Although there has been growing concern, since the mid-1990s, about the potential health effects of mold growth in indoor spaces, mold is not some new, alien threat that has recently become a problem.  The fact is, mold and mold spores are everywhere in our natural environment, and always have been.  So what's behind the recent "explosion" of mold problems?  There's a few things going on:


  • Up until the late 1970s and 1980s, most buildings "breathed"... there was abundant infiltration of fresh, outdoor air into buildings, which diluted and purged any indoor air contaminants.  This all changed when energy conservation measures dictated that buildings be "tight" to minimize the loss of artificial heating and cooling.  Today, modern energy-efficient construction methods can lead to excess indoor humidity which can promote mold growth, and tend to trap air contaminants within the indoor environment.


  • In the past, in the United States, most building construction typically used mature old-growth wood.  This all changed in the 1980s, when ecological restrictions caused the wood-products industry to start using predominantly younger trees.  Young wood has less compact growth rings (grain), and often has much higher polysaccharide (sugar) levels, than old-growth wood.  Both of these conditions can make wooden building construction materials a more inviting substrate for mold colonization and growth. 

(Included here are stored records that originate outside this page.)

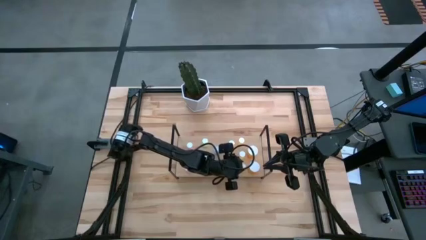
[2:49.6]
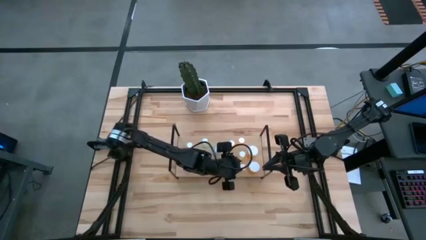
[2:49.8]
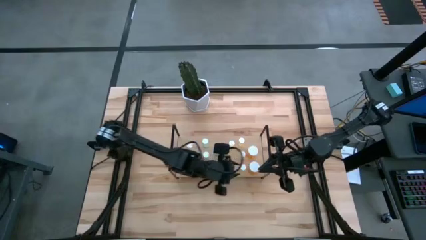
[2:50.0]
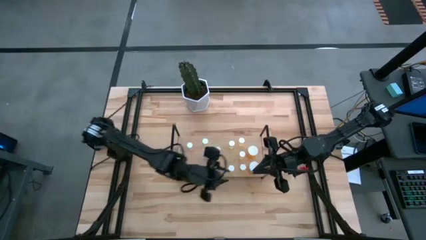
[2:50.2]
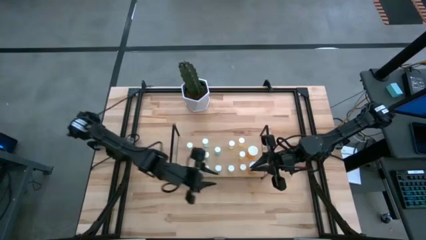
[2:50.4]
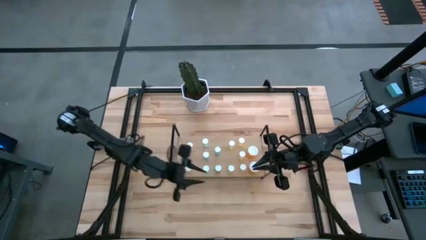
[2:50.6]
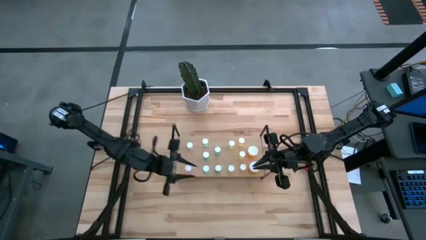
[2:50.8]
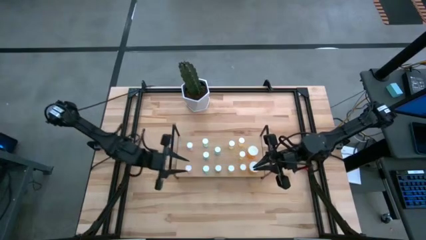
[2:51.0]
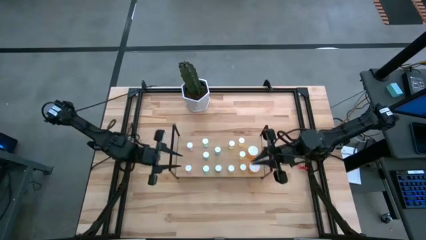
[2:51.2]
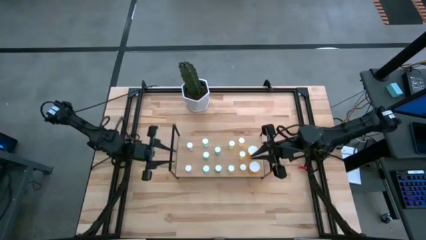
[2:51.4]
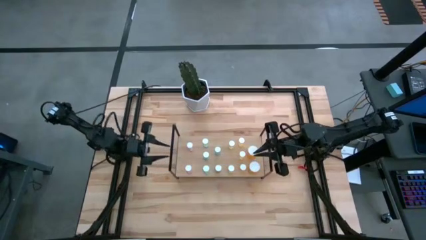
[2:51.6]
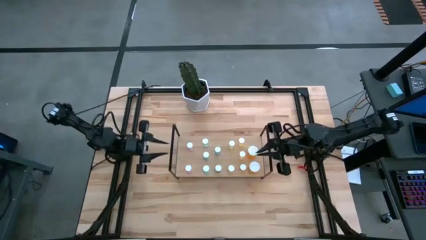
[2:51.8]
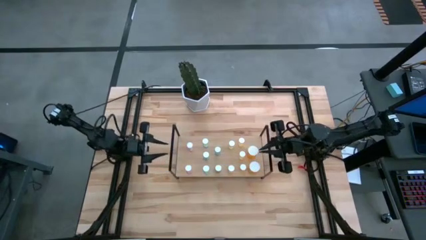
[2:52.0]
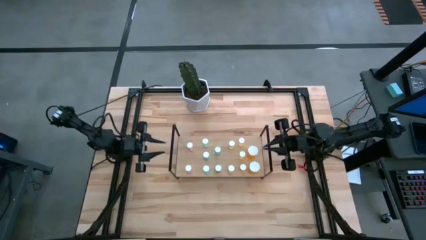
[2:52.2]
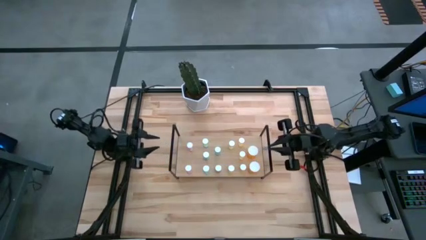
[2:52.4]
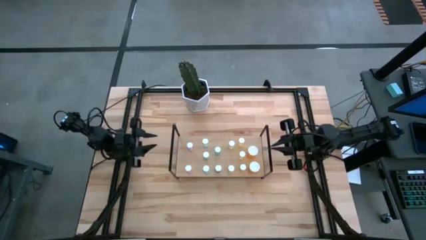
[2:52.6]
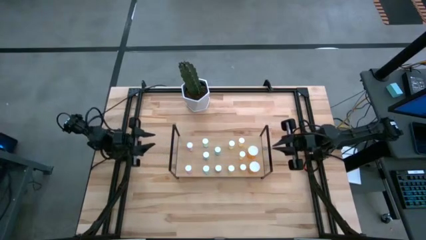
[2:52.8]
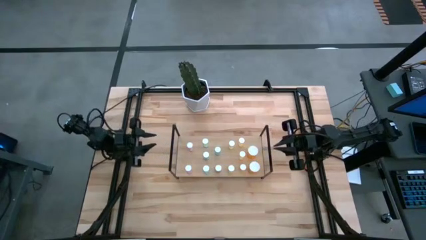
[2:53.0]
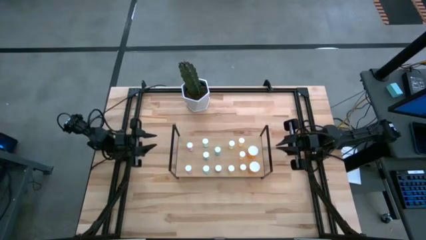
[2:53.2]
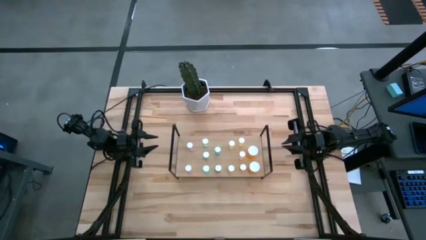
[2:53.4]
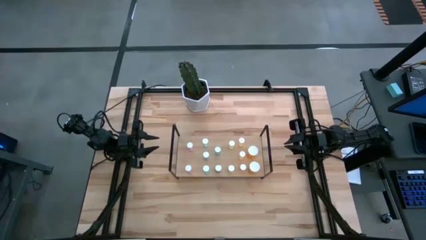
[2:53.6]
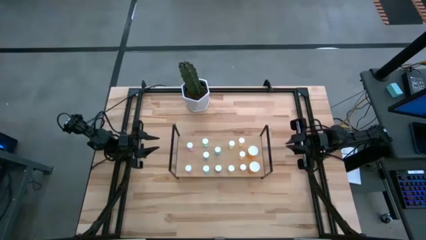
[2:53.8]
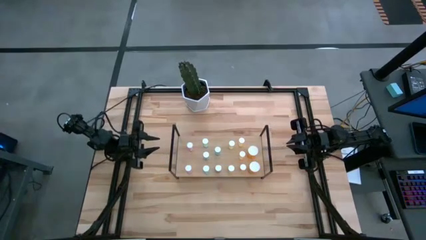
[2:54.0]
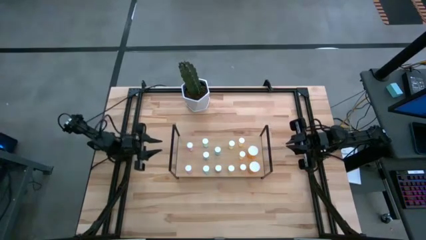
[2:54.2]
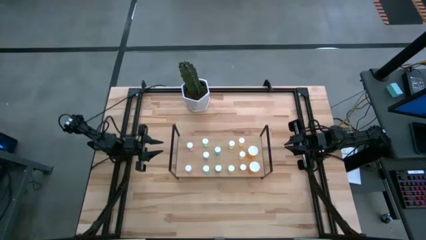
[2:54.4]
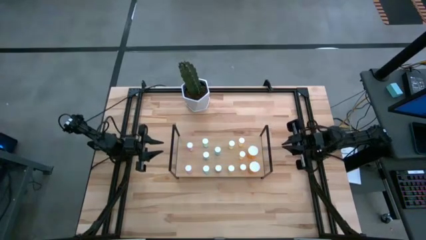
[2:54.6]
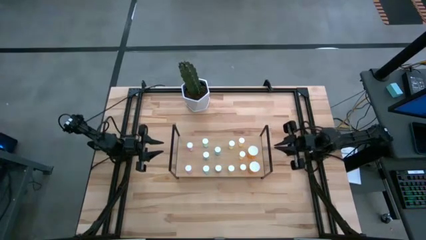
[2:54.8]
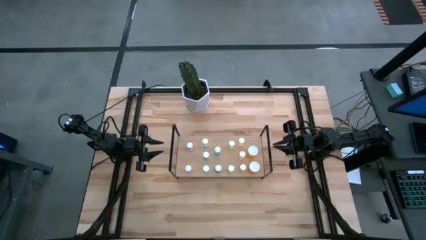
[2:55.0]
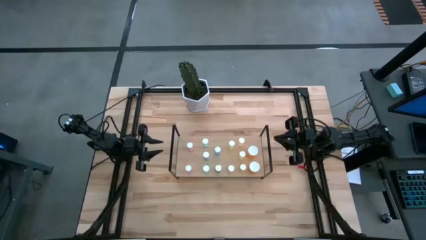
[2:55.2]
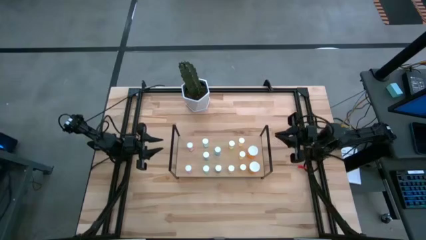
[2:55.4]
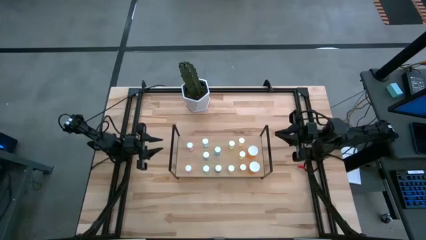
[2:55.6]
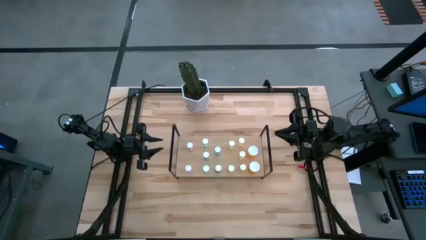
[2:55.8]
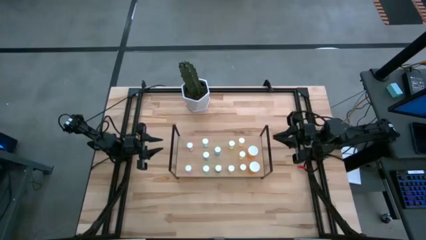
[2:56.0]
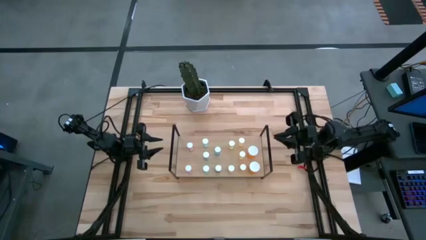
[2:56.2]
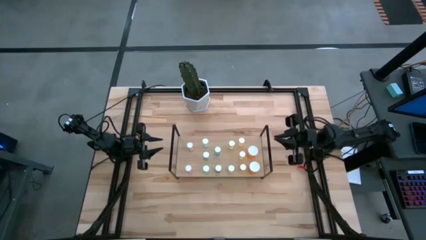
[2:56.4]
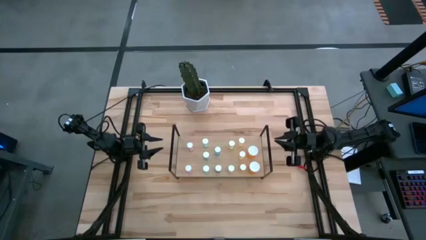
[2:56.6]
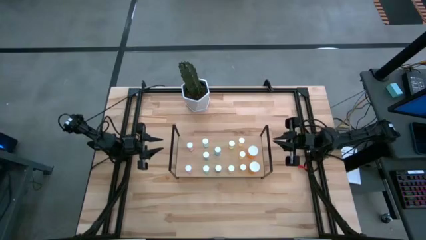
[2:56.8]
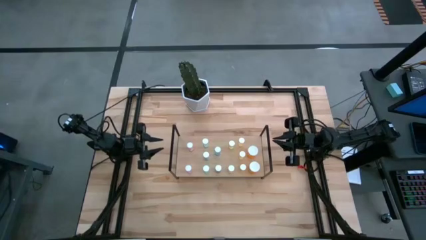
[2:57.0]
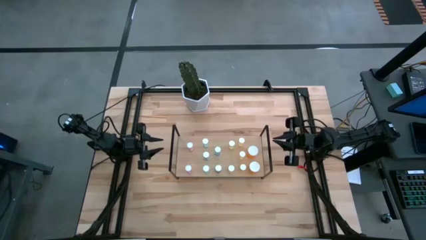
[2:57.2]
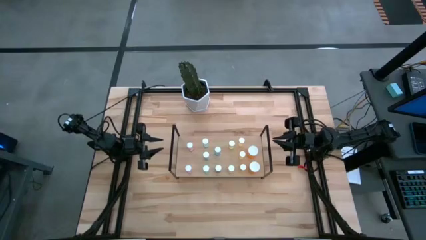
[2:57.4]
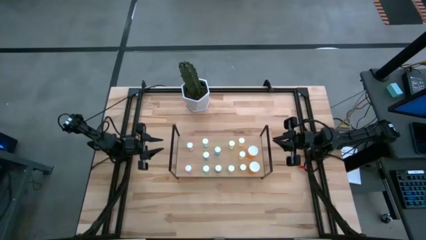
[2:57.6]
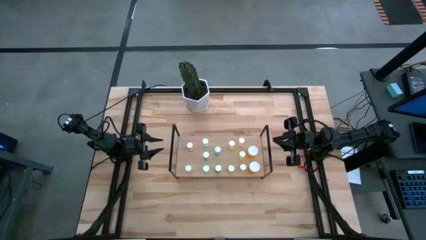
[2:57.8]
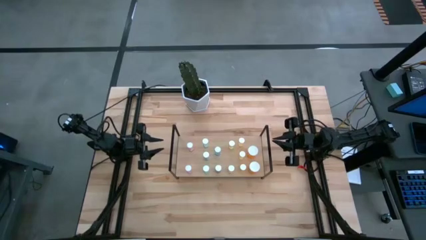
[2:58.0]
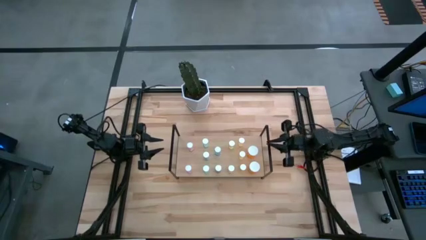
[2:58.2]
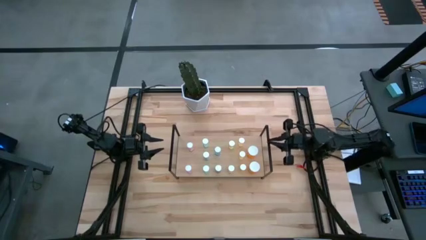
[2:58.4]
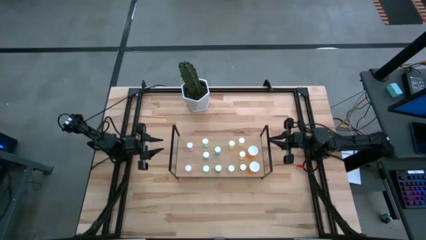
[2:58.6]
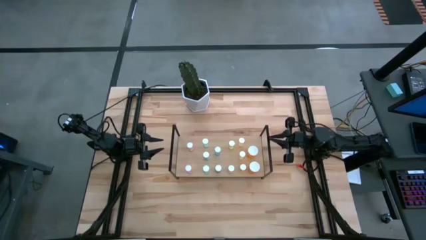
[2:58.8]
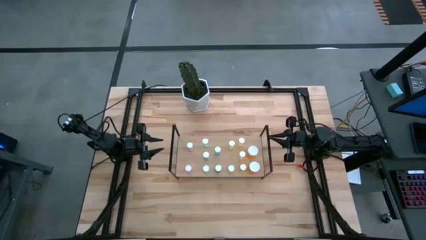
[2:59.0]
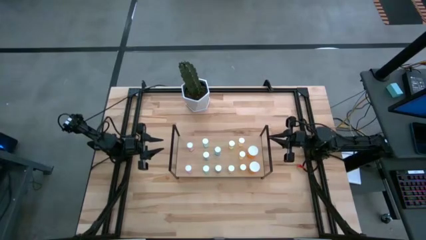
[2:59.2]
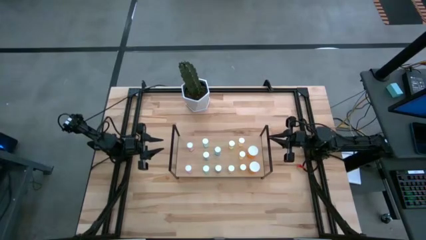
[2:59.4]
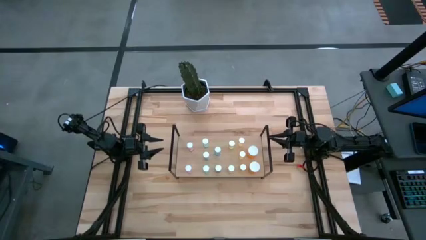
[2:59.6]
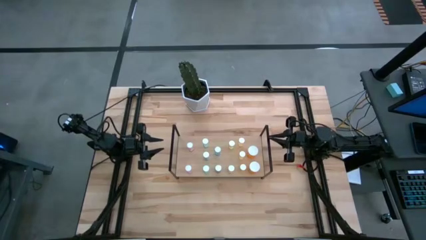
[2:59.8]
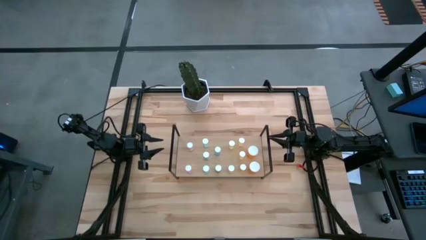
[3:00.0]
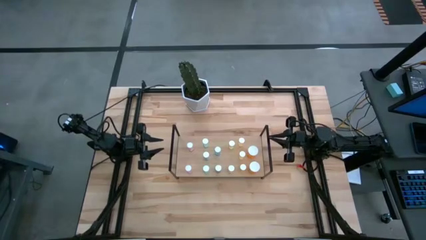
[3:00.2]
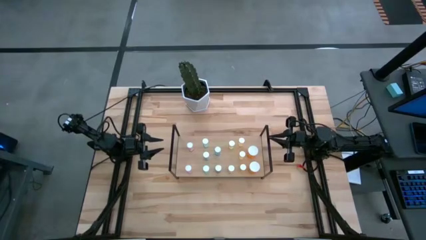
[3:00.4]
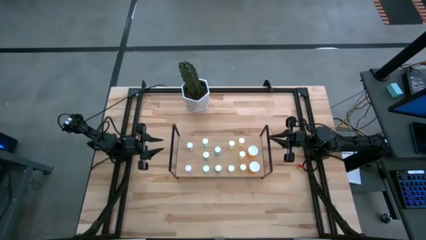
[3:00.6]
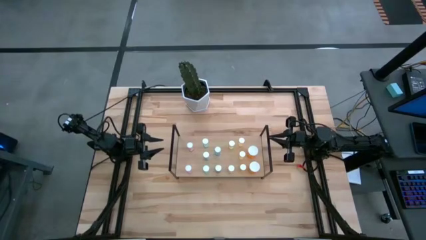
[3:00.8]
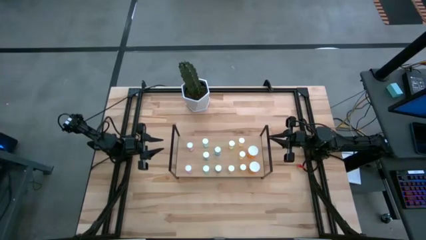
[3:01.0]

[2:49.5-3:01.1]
Task: Pick and place medicine bottles onto shelf by color
Return to Home Position

  • To stretch available wood supplies, and to make lighter, stronger, and more cost-effective building materials, the use of "engineered" wood products became common in the 1980s and 1990s.  Things like oriented-strand board (OSB), chip and sawdust composite sheathing and siding products, came into regular use, replacing previously-used whole lumber and plywood panel products.  These engineered wood products, if they get wet, turn into what the mold abatement industry calls mold chow.  They can very effectively promote and sustain extensive mold growth.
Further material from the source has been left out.